● Problem requirements
Lines from the one containing "main class: Cropland" through the final line of the records are the only ones to copy, and each must match exactly.

● Extracted data
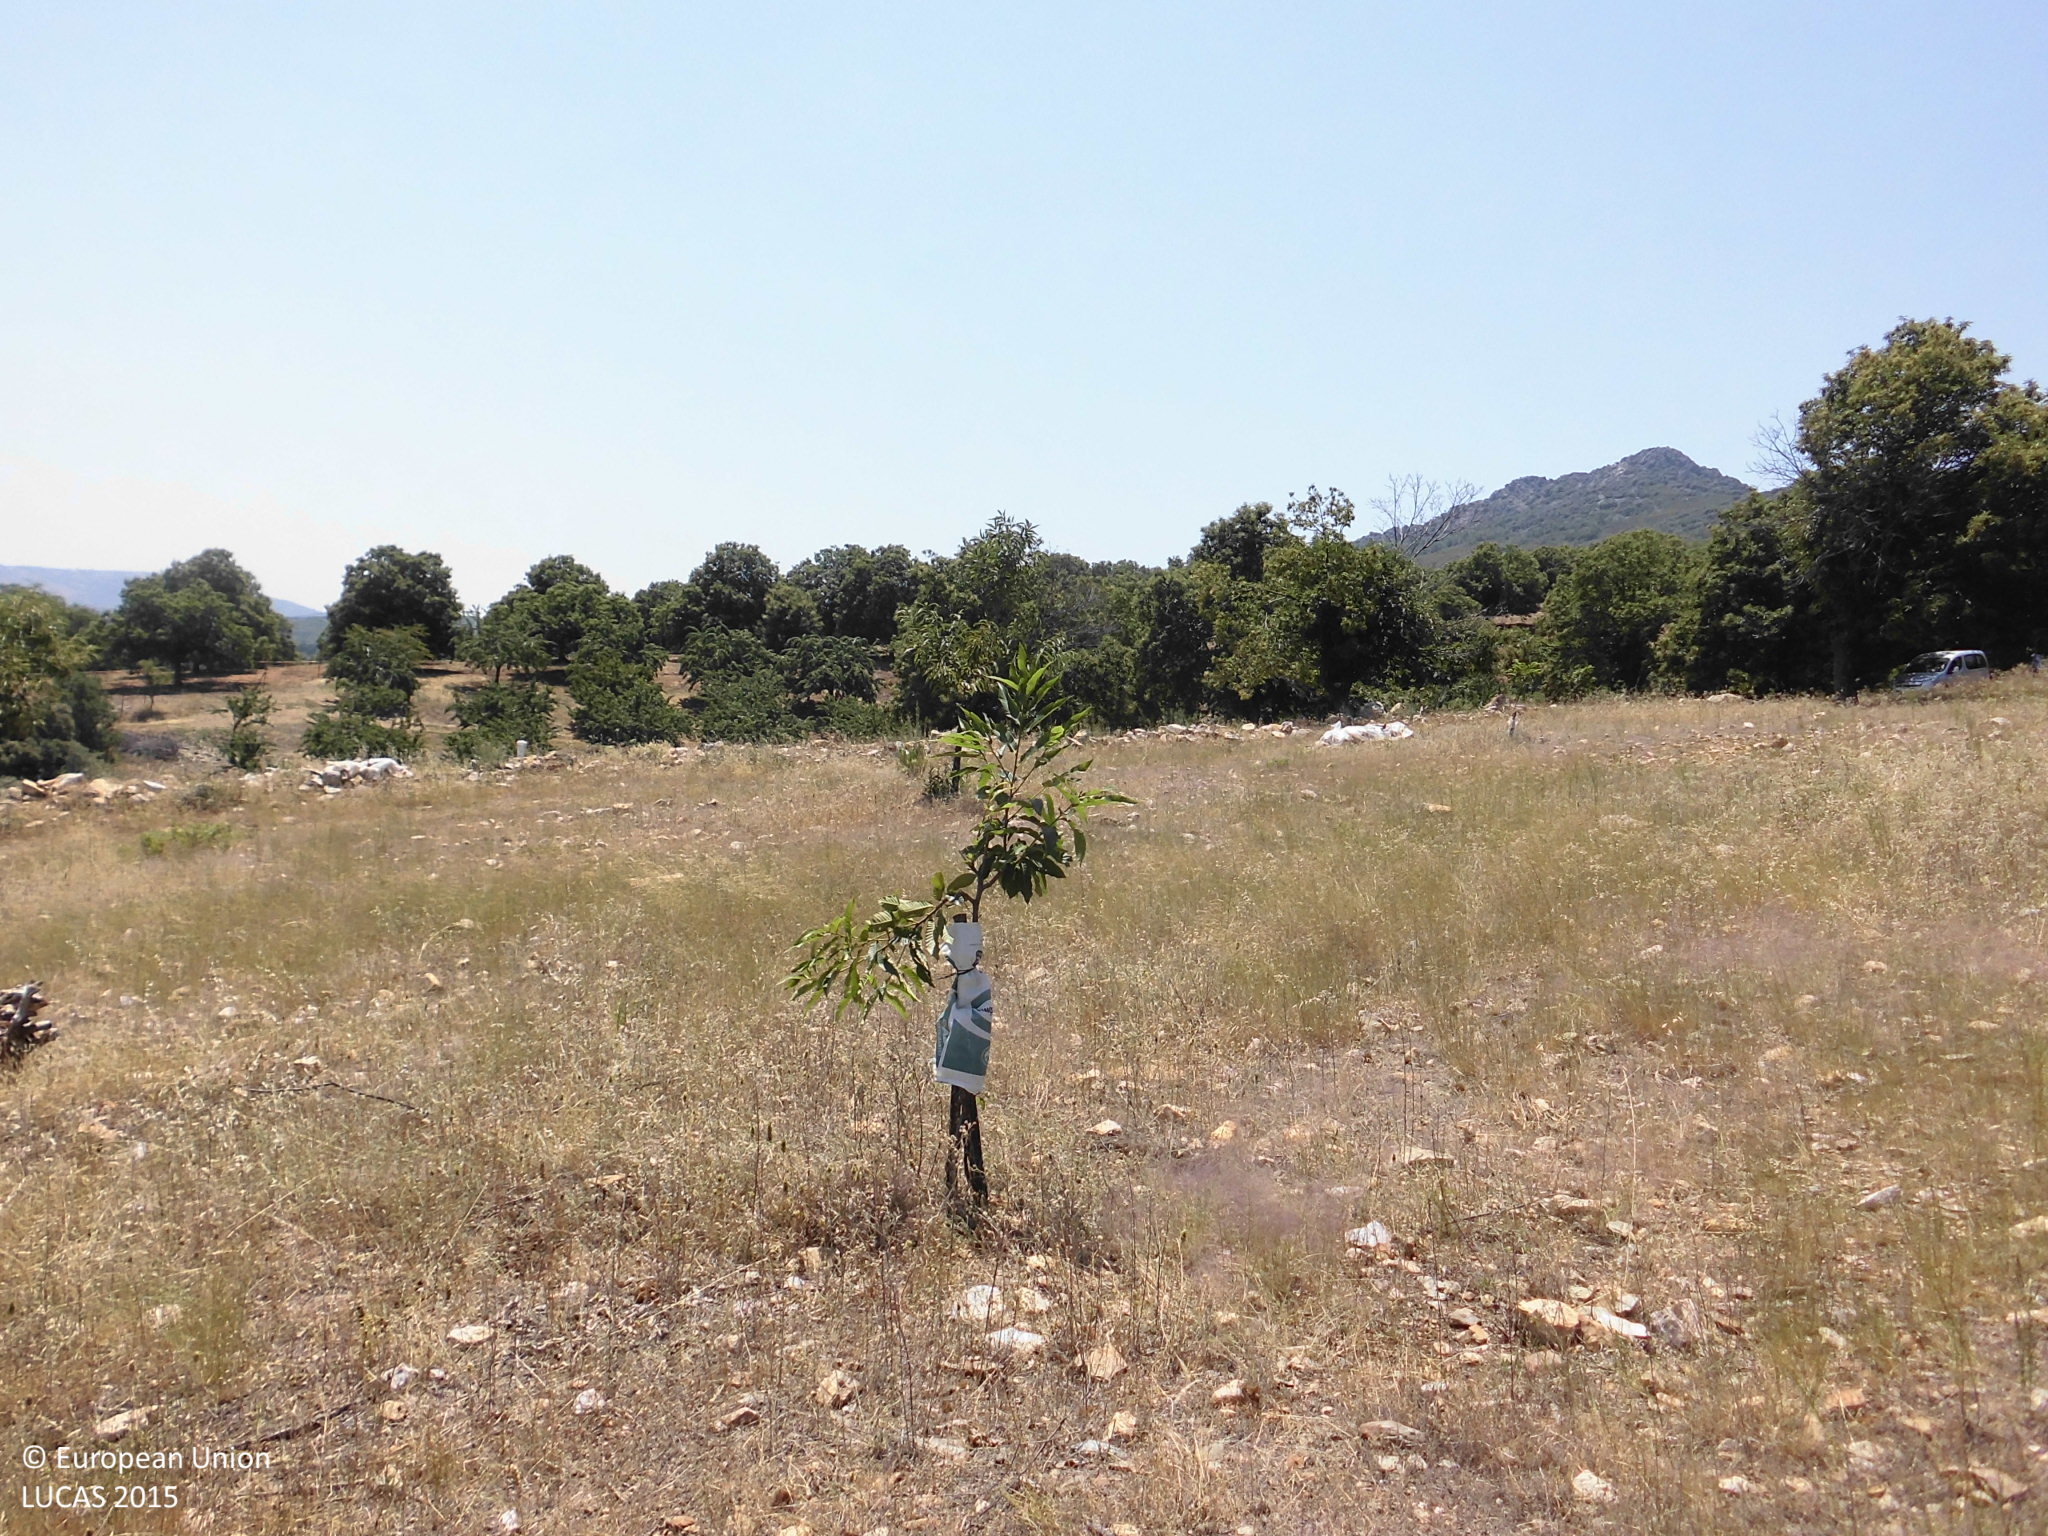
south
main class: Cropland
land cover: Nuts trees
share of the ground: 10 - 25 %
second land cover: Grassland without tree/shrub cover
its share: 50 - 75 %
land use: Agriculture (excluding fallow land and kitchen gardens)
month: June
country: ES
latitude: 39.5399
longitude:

● Worked solution
main class: Cropland
land cover: Nuts trees
share of the ground: 10 - 25 %
second land cover: Grassland without tree/shrub cover
its share: 50 - 75 %
land use: Agriculture (excluding fallow land and kitchen gardens)
month: June
country: ES
latitude: 39.5399
longitude:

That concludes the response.